Introduction
While generating basic responses with the available LLM provider libraries is usually very straightforward, things can quickly become more involved once you want to be able to easily switch between models of different providers, or if you want to give the LLM access to tools or grounding documents. And once you start considering agents, you're usually left with either limited setups (e.g. OpenAI's Swarm) or very complicated frameworks (e.g., LangChain).
JorEl aims to abstract away this complexity, for both use-cases, like generating a response from an LLM as either text or JSON, or setting up a task for one or more agents.
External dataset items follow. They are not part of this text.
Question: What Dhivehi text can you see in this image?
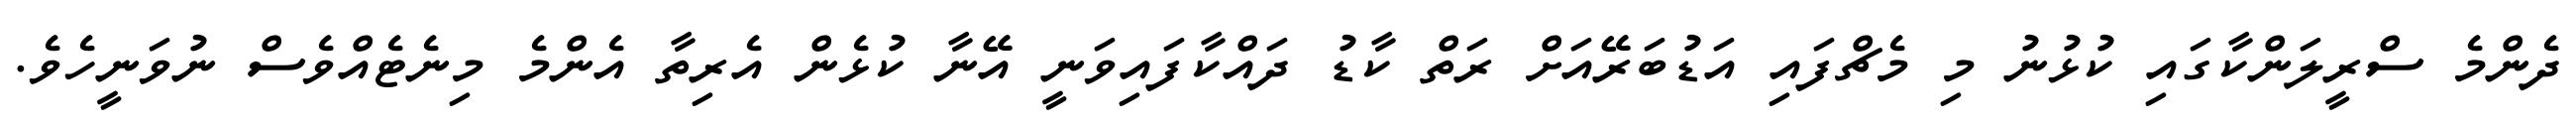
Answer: ދެންމެ ސްރީލަންކާގައި ކުޅުނު މި މެޗްފައި އަޑުބަރޭއަށް ރަތް ކާޑު ދައްކާފައިވަނީ އޭނާ ކުޅެން އެރިތާ އެންމެ މިނެޓެއްވެސް ނުވަނީހެވެ.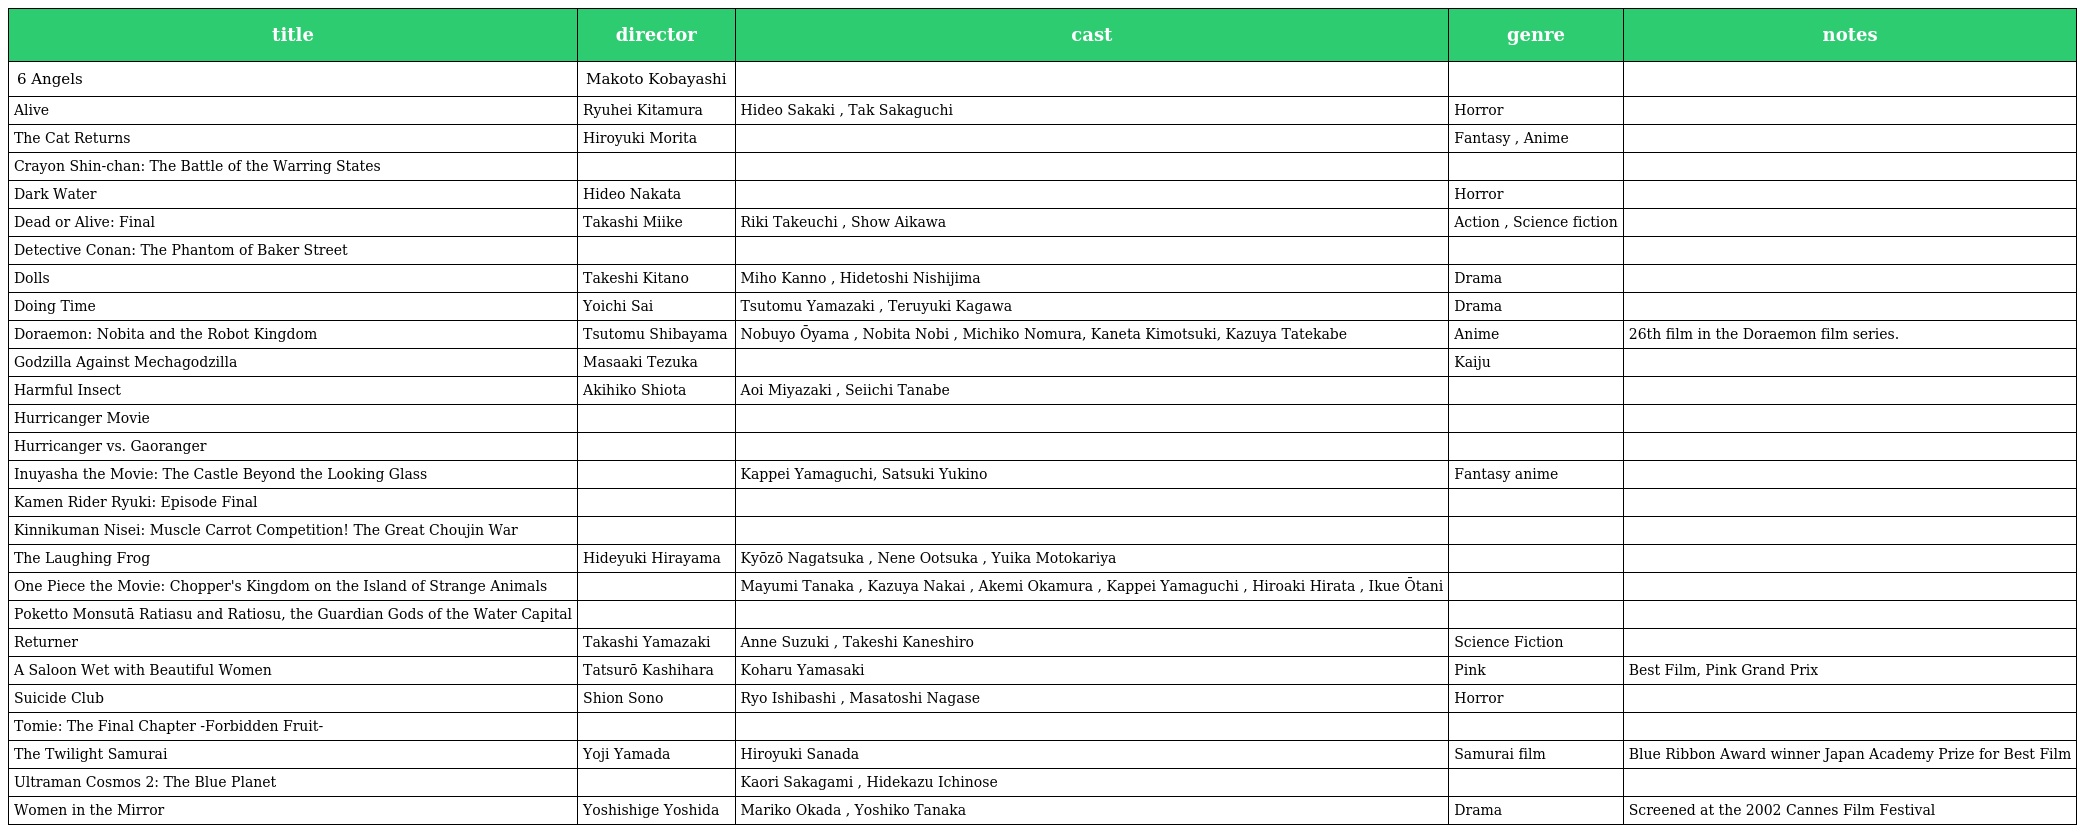
| title | director | cast | genre | notes |
 | --- | --- | --- | --- | --- |
 | 6 Angels | Makoto Kobayashi |  |  |  |
 | Alive | Ryuhei Kitamura | Hideo Sakaki , Tak Sakaguchi | Horror |  |
 | The Cat Returns | Hiroyuki Morita |  | Fantasy , Anime |  |
 | Crayon Shin-chan: The Battle of the Warring States |  |  |  |  |
 | Dark Water | Hideo Nakata |  | Horror |  |
 | Dead or Alive: Final | Takashi Miike | Riki Takeuchi , Show Aikawa | Action , Science fiction |  |
 | Detective Conan: The Phantom of Baker Street |  |  |  |  |
 | Dolls | Takeshi Kitano | Miho Kanno , Hidetoshi Nishijima | Drama |  |
 | Doing Time | Yoichi Sai | Tsutomu Yamazaki , Teruyuki Kagawa | Drama |  |
 | Doraemon: Nobita and the Robot Kingdom | Tsutomu Shibayama | Nobuyo Ōyama , Nobita Nobi , Michiko Nomura, Kaneta Kimotsuki, Kazuya Tatekabe | Anime | 26th film in the Doraemon film series. |
 | Godzilla Against Mechagodzilla | Masaaki Tezuka |  | Kaiju |  |
 | Harmful Insect | Akihiko Shiota | Aoi Miyazaki , Seiichi Tanabe |  |  |
 | Hurricanger Movie |  |  |  |  |
 | Hurricanger vs. Gaoranger |  |  |  |  |
 | Inuyasha the Movie: The Castle Beyond the Looking Glass |  | Kappei Yamaguchi, Satsuki Yukino | Fantasy anime |  |
 | Kamen Rider Ryuki: Episode Final |  |  |  |  |
 | Kinnikuman Nisei: Muscle Carrot Competition! The Great Choujin War |  |  |  |  |
 | The Laughing Frog | Hideyuki Hirayama | Kyōzō Nagatsuka , Nene Ootsuka , Yuika Motokariya |  |  |
 | One Piece the Movie: Chopper's Kingdom on the Island of Strange Animals |  | Mayumi Tanaka , Kazuya Nakai , Akemi Okamura , Kappei Yamaguchi , Hiroaki Hirata , Ikue Ōtani |  |  |
 | Poketto Monsutā Ratiasu and Ratiosu, the Guardian Gods of the Water Capital |  |  |  |  |
 | Returner | Takashi Yamazaki | Anne Suzuki , Takeshi Kaneshiro | Science Fiction |  |
 | A Saloon Wet with Beautiful Women | Tatsurō Kashihara | Koharu Yamasaki | Pink | Best Film, Pink Grand Prix |
 | Suicide Club | Shion Sono | Ryo Ishibashi , Masatoshi Nagase | Horror |  |
 | Tomie: The Final Chapter -Forbidden Fruit- |  |  |  |  |
 | The Twilight Samurai | Yoji Yamada | Hiroyuki Sanada | Samurai film | Blue Ribbon Award winner Japan Academy Prize for Best Film |
 | Ultraman Cosmos 2: The Blue Planet |  | Kaori Sakagami , Hidekazu Ichinose |  |  |
 | Women in the Mirror | Yoshishige Yoshida | Mariko Okada , Yoshiko Tanaka | Drama | Screened at the 2002 Cannes Film Festival |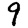
Digit: 9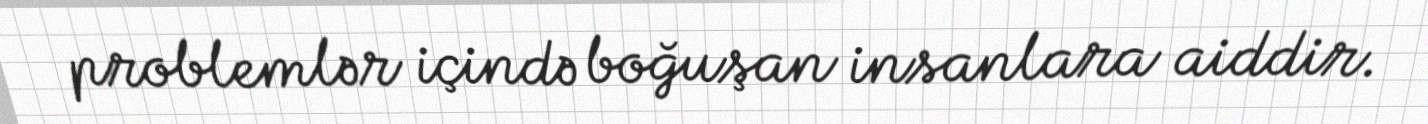
problemlər içində boğuşan insanlara aiddir.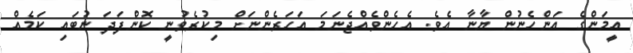
އީމަންގެ އަންހެނުން ޔާނާ އެވެ. އެހެންވެއްޖެނަމަ އަހަރެންނަށް މިކުރެވުނީ ކޮންފަދަ ނުބައި ކަމެއް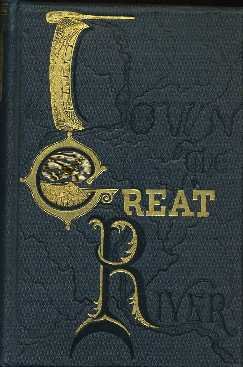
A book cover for Down the great river: Embracing an account of the discovery of the true source of the Mississippi : together with views, descriptive and pictorial, of ... from its head waters to the Gulf of Mexico; Willard W Glazier; Travel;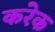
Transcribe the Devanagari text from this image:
करेक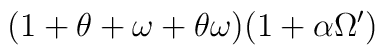
(1+\theta+\omega+\theta\omega)(1+\alpha\Omega')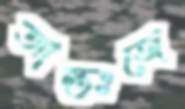
আন্তঃজে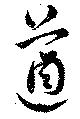
遒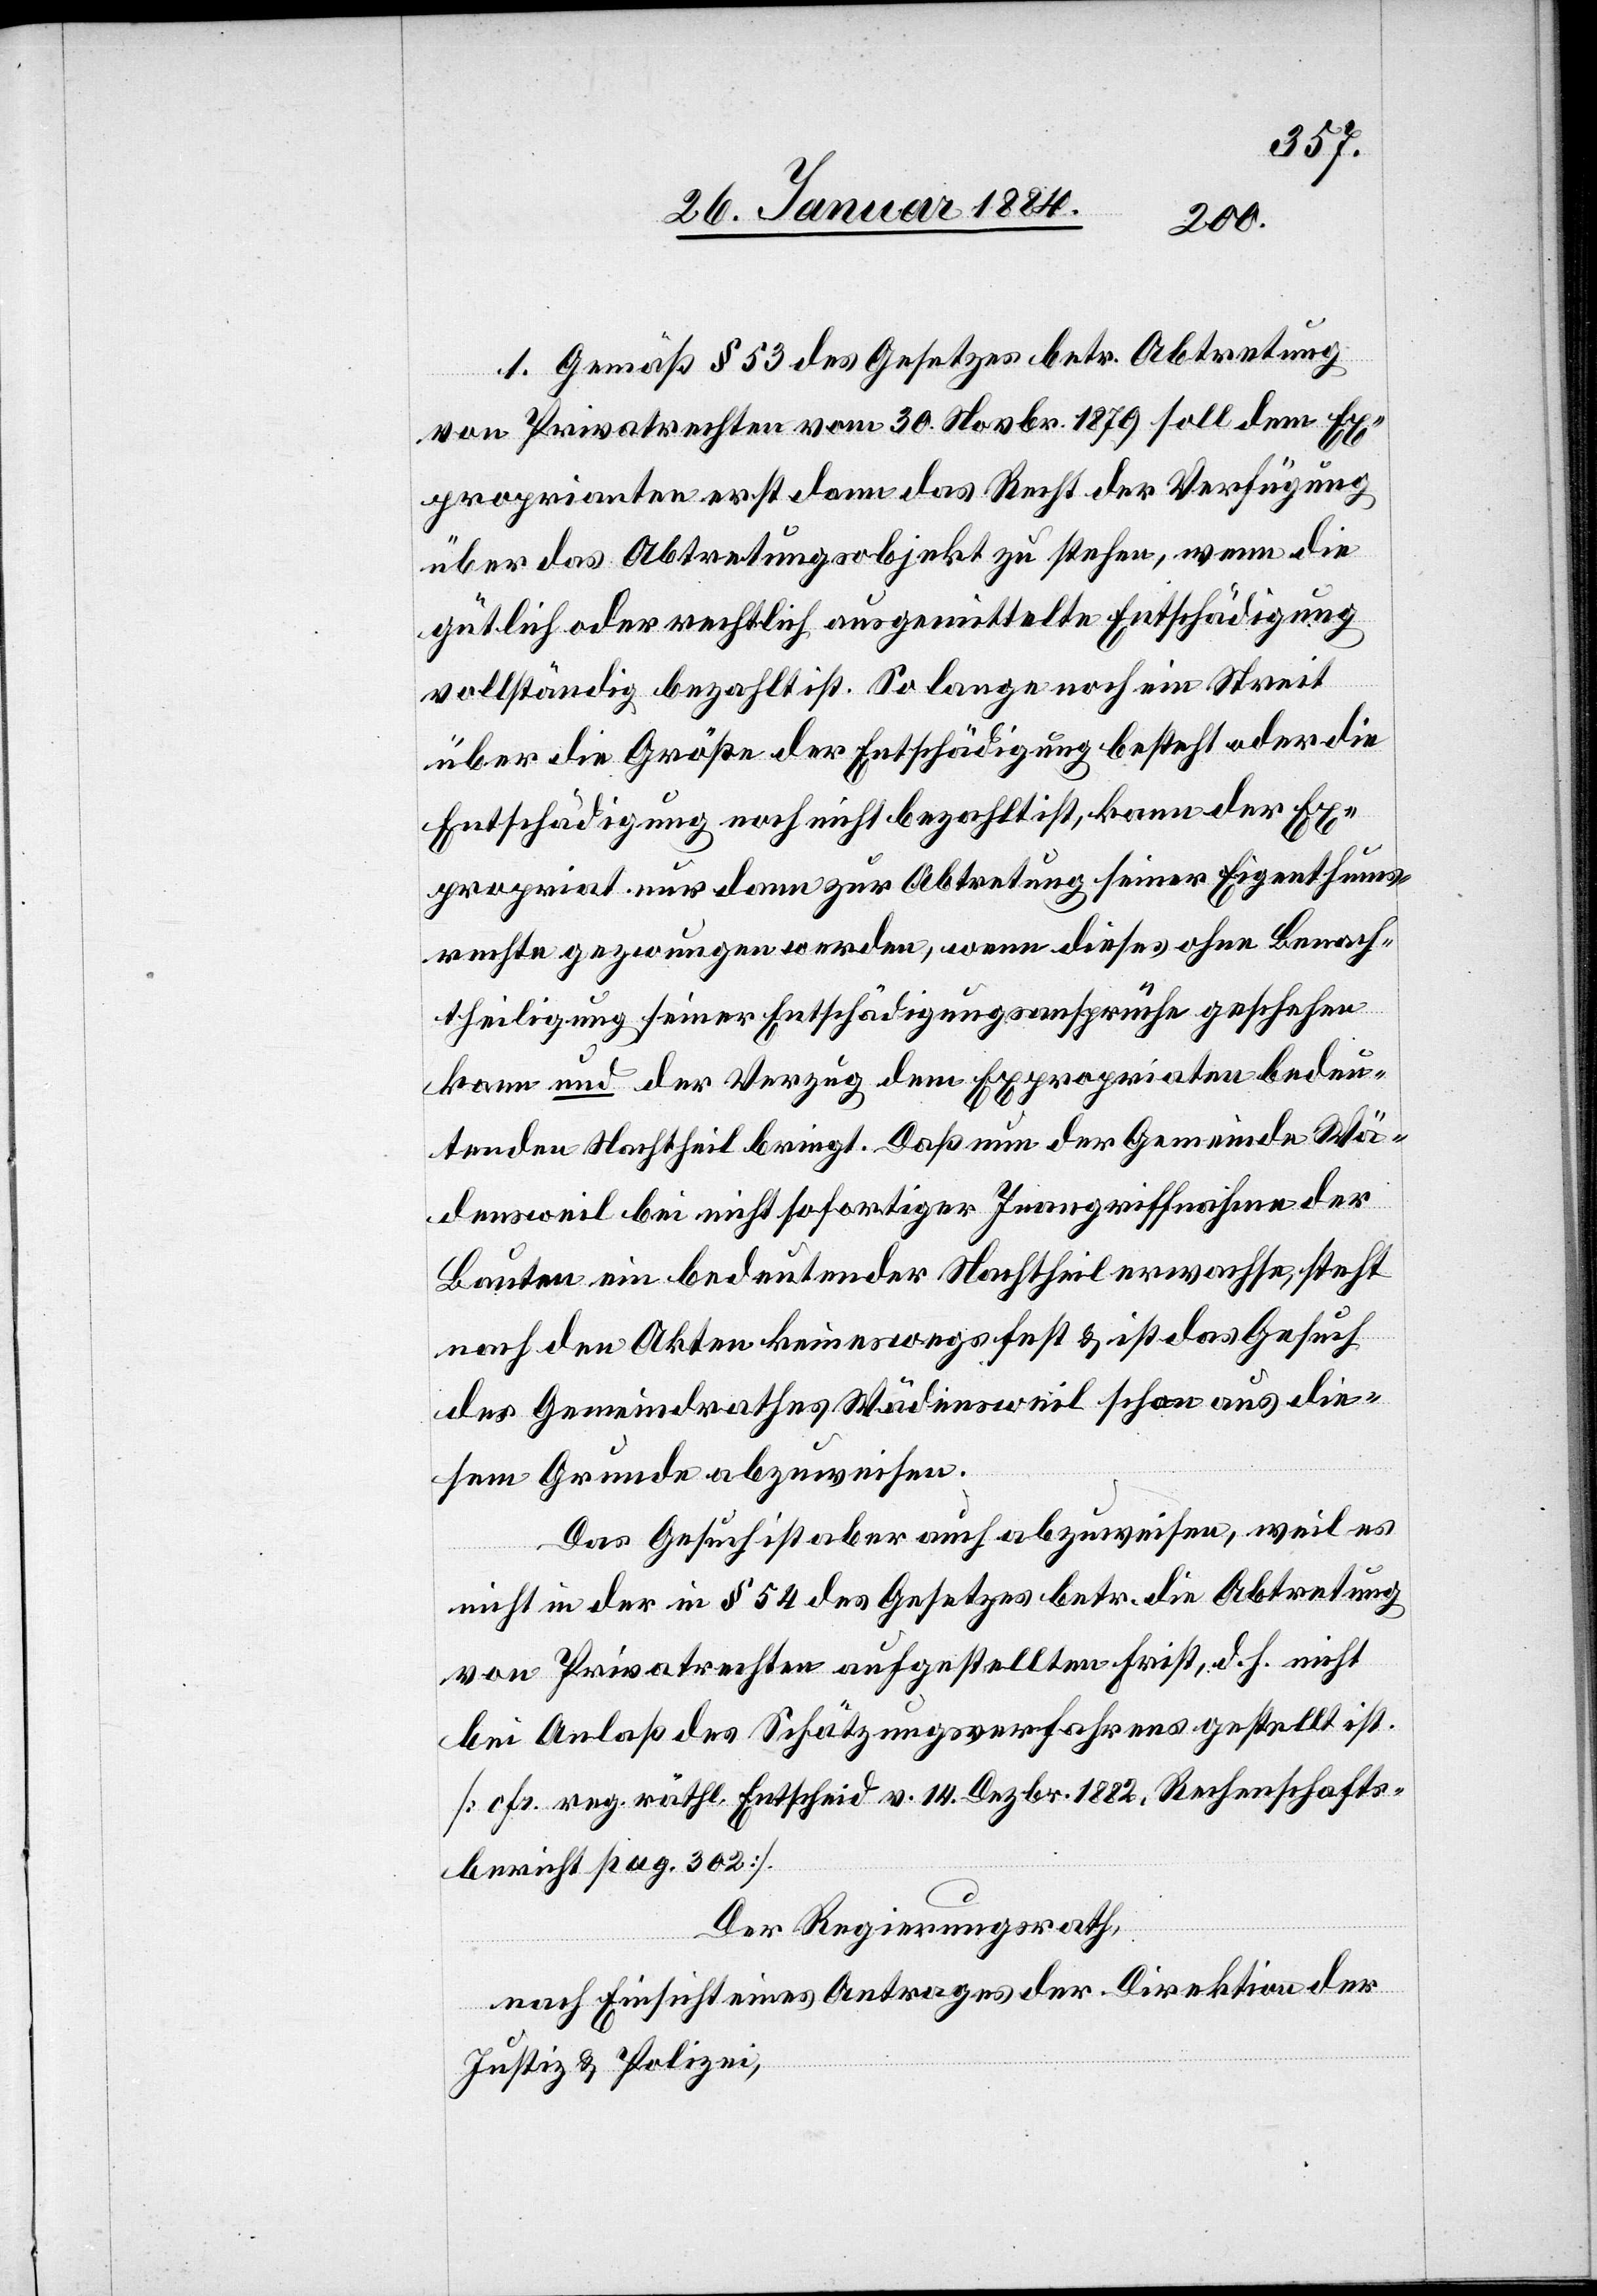
Gemäß § 53 des Gesetzes betr. Abtretung
von Privatrechten vom 30. Novbr. 1879 soll dem Ex¬
proprianten erst dann das Recht der Verfügung
über das Abtretungsobjekt zu stehen, wenn die
gütliche oder rechtlich ausgemittelte Entschädigung
vollständig bezahlt ist. So lange noch ein Streit
über die Größe der Entschädigung besteht oder die
Entschädigung noch nicht bezahlt ist, kann der Ex¬
propriant nur dann zur Abtretung seiner Eigenthums¬
rechte gezwungen werden, wenn dieses ohne Benach¬
theiligung seiner Entschädigungsansprüche geschehen
kann und der Verzug dem Exproprianten bedeu¬
tenden Nachtheil bringt. Daß um der Gemeinde Wä¬
densweil bei nicht sofortiger Inangriffnahme der
Bauten ein bedeutender Nachtheil erwachse, steht
nach den Akten keineswegs fest & ist das Gesuch
des Gemeindrathes Wädensweil schon aus die¬
sem Grunde abzuweisen.
Das Gesuch ist aber auch abzuweisen, weil es
nicht in der in § 54 des Gesetzes betr. die Abtretung
von Privatrechten aufgestellten Frist, d. h. nicht
bei Anlaß des Schätzungsverfahrens gestellt ist.
[cfr. reg. räthl. Entscheid v. 14 Dezbr. 1882, Rechenschafts¬
bericht pag. 302].
Der Regierungsrath,
nach Einsicht eines Antrages der Direktion der
Justiz & Polizei,

There are three aspects to JorEl:
- The top layer is the JorEl class, which is what you'll usually interact with. It provides simple methods to generate text, JSON or streams of text. It also supports tools and grounding documents, so it should already be sufficient for many agent-like use-cases.
- The next layer is JorEl's core layer, where is manages providers and models, and also the core methods to generate responses. Here you still pass arrays of messages, but all in a unified message format. Even this layer is usually not interacted with directly, as the top layer abstracts it away.
- At the lowest level is the provider layer. Providers essentially map each LLM providers unique message structure and API into a unified one. Usually, you won't have to interact with this layer directly, but it's there if you need it (e.g. to register custom providers that JorEl doesn't support yet).
The best starting point are probably the text
, json
and stream
methods, which are the easiest ways to generate responses. The Quick Start guide will show you how to use these
methods.
For more advanced task setups, you can use the team
methods like team.addAgent
or team.createTask
, which allow you to specify tasks for agents and delegates. Each agent can have its own tools
and grounding documents, and you can also specify other agents that they can transfer the conversation to, or that they can delegate sub-tasks to.